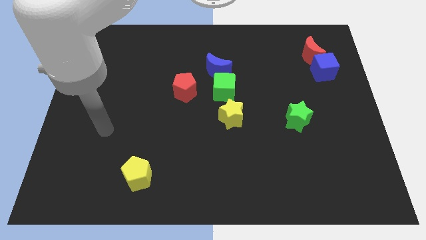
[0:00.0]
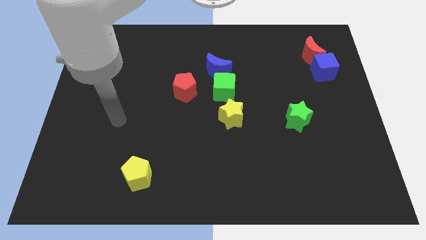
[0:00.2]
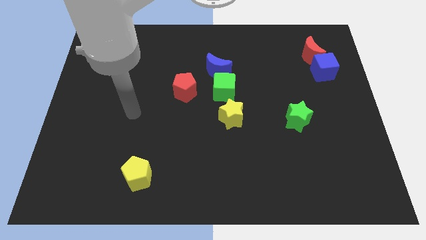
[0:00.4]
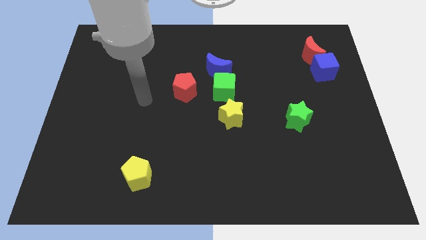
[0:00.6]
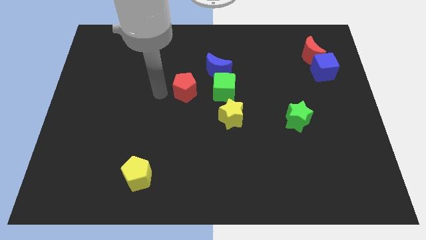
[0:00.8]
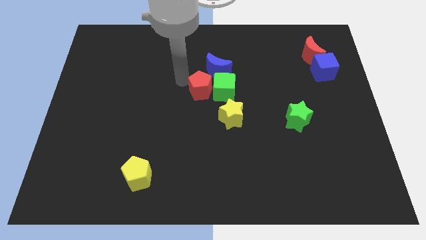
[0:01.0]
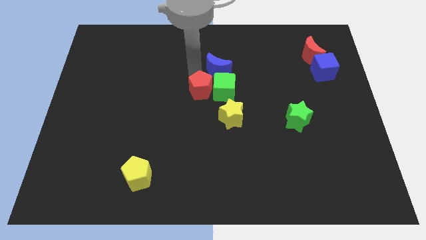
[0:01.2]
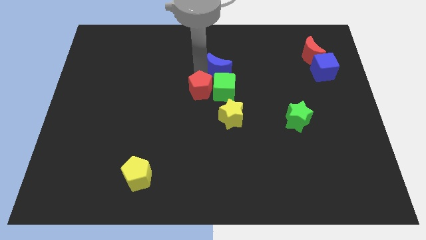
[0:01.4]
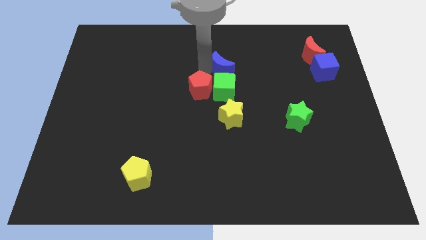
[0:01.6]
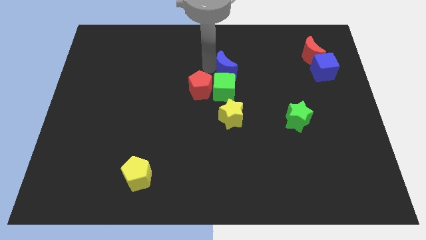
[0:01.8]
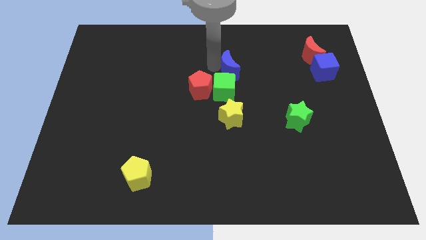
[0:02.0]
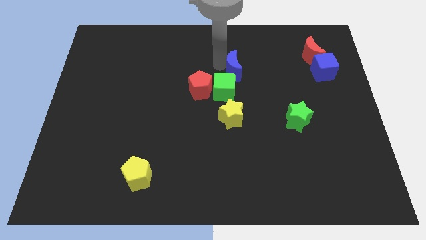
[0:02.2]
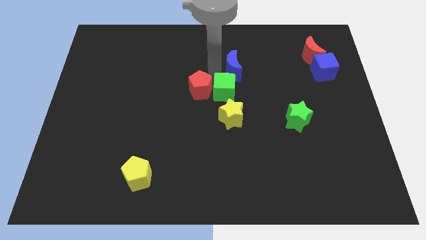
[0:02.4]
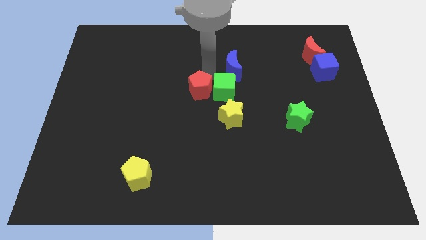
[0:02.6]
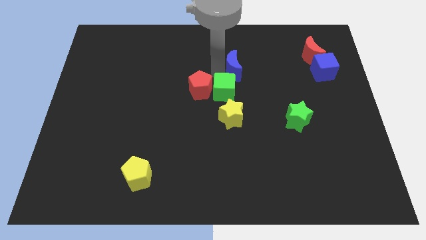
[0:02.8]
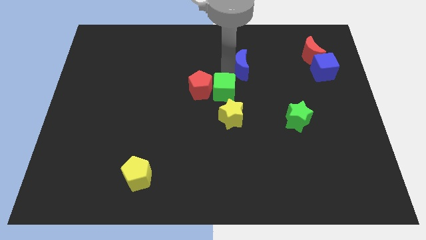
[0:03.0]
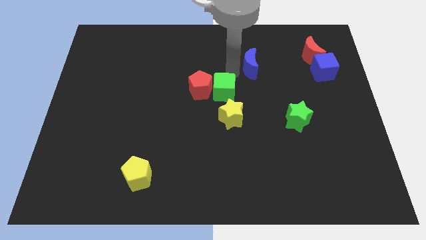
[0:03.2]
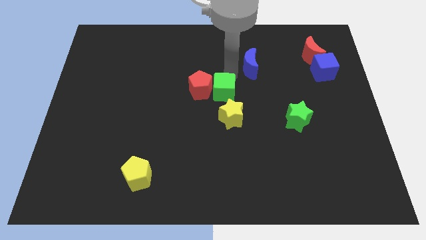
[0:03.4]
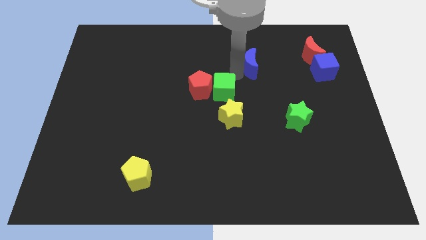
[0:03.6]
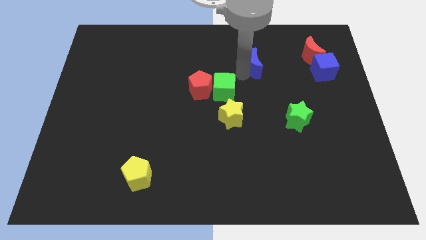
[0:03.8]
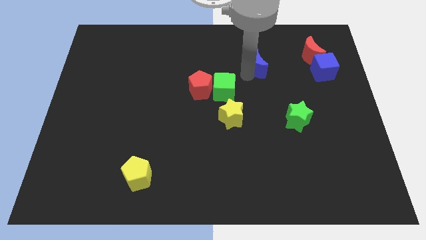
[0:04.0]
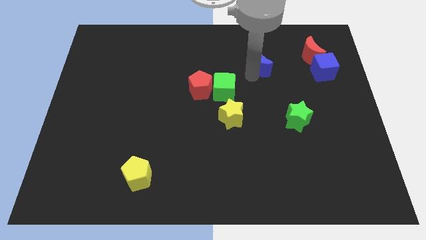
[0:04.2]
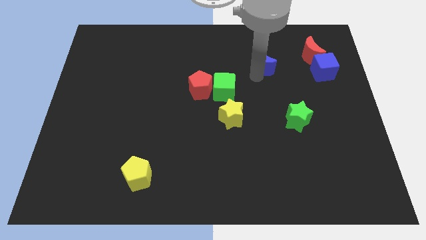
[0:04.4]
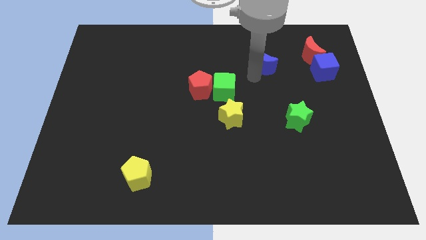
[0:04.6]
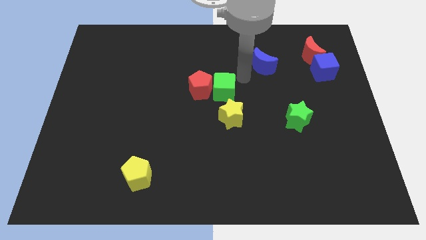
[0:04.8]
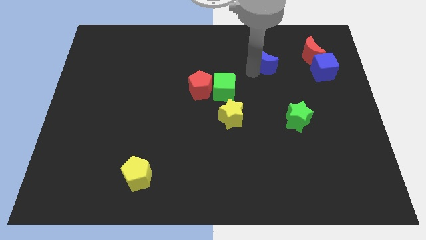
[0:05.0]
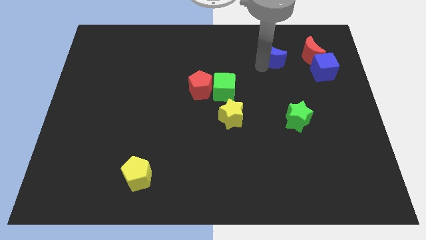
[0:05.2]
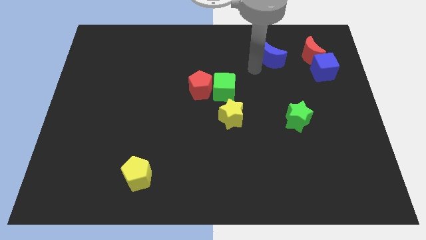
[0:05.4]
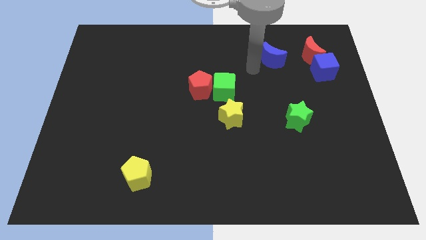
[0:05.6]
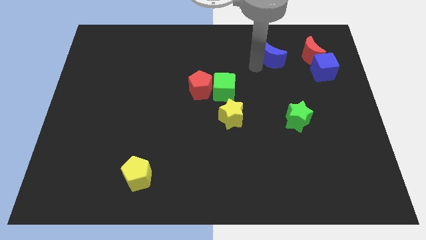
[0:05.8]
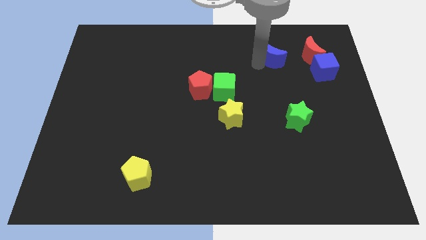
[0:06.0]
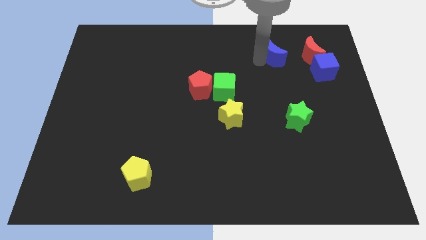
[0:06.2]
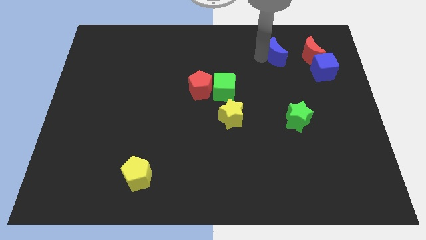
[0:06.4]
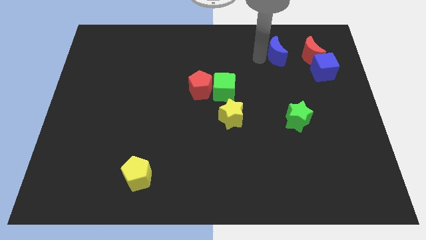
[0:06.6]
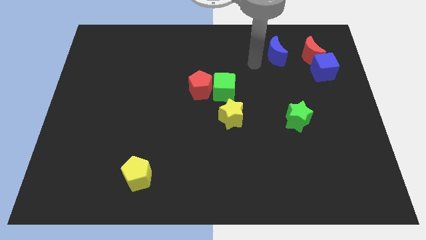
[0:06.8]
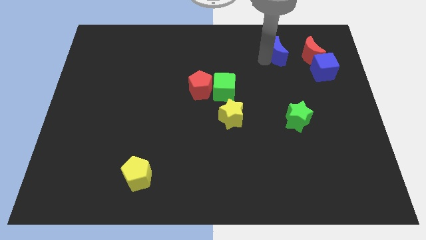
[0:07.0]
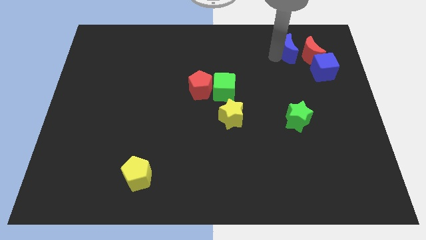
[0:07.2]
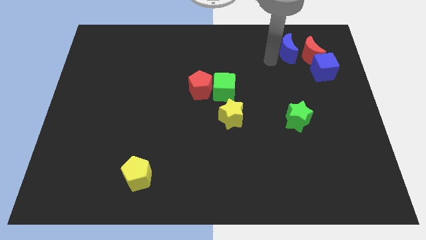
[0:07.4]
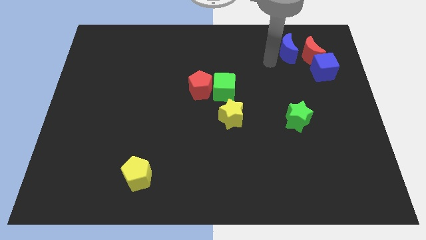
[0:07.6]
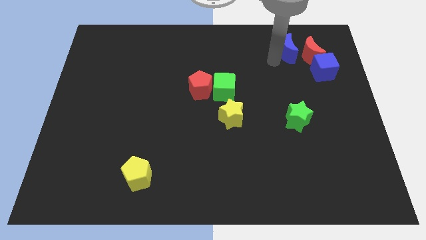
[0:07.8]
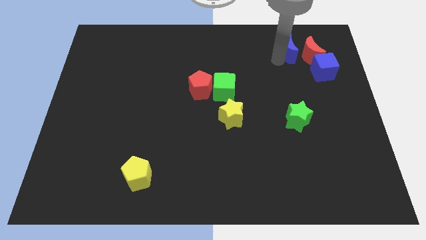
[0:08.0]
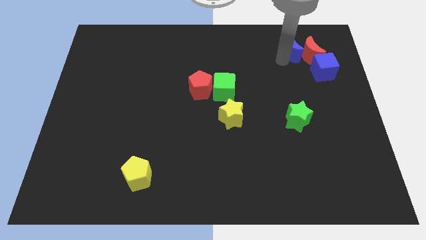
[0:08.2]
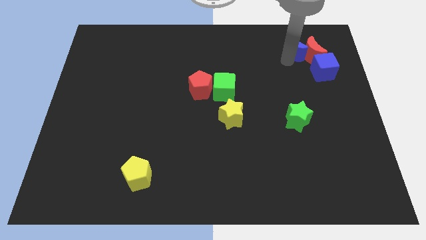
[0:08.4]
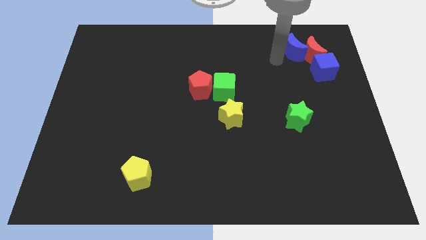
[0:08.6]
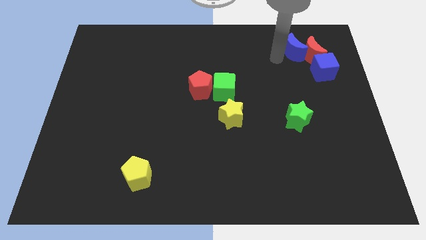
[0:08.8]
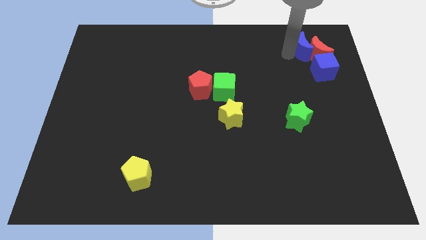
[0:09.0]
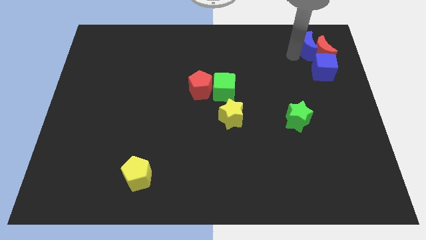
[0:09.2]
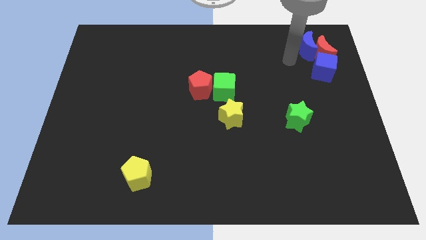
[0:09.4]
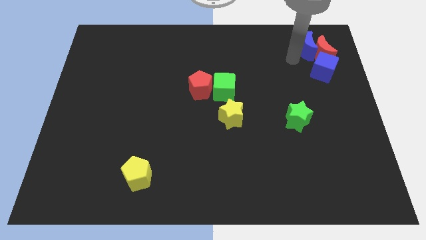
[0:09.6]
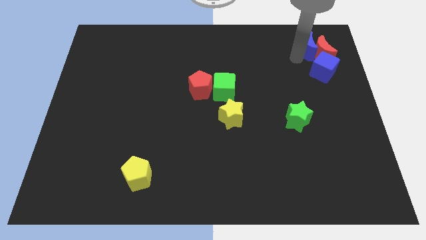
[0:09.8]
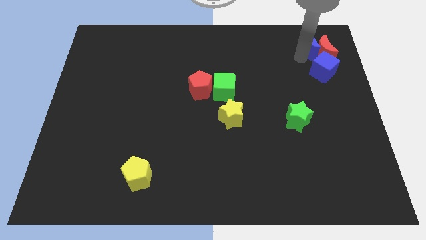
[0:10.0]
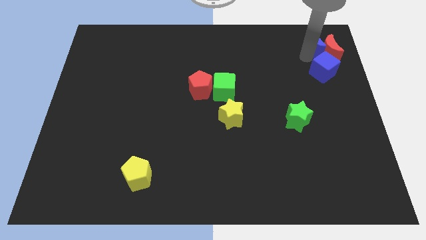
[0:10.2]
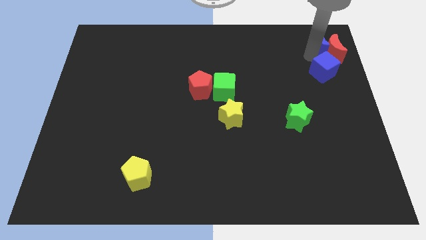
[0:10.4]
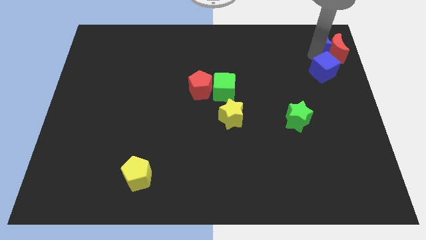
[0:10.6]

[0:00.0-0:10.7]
push the blue moon to the top right of the board

Requirement ▸ Could you restate the material word for word, skipping any pictures it holds?

Exercise result ▸
[0:00.0]
[0:00.2]
[0:00.4]
[0:00.6]
[0:00.8]
[0:01.0]
[0:01.2]
[0:01.4]
[0:01.6]
[0:01.8]
[0:02.0]
[0:02.2]
[0:02.4]
[0:02.6]
[0:02.8]
[0:03.0]
[0:03.2]
[0:03.4]
[0:03.6]
[0:03.8]
[0:04.0]
[0:04.2]
[0:04.4]
[0:04.6]
[0:04.8]
[0:05.0]
[0:05.2]
[0:05.4]
[0:05.6]
[0:05.8]
[0:06.0]
[0:06.2]
[0:06.4]
[0:06.6]
[0:06.8]
[0:07.0]
[0:07.2]
[0:07.4]
[0:07.6]
[0:07.8]
[0:08.0]
[0:08.2]
[0:08.4]
[0:08.6]
[0:08.8]
[0:09.0]
[0:09.2]
[0:09.4]
[0:09.6]
[0:09.8]
[0:10.0]
[0:10.2]
[0:10.4]
[0:10.6]

[0:00.0-0:10.7]
push the blue moon to the top right of the board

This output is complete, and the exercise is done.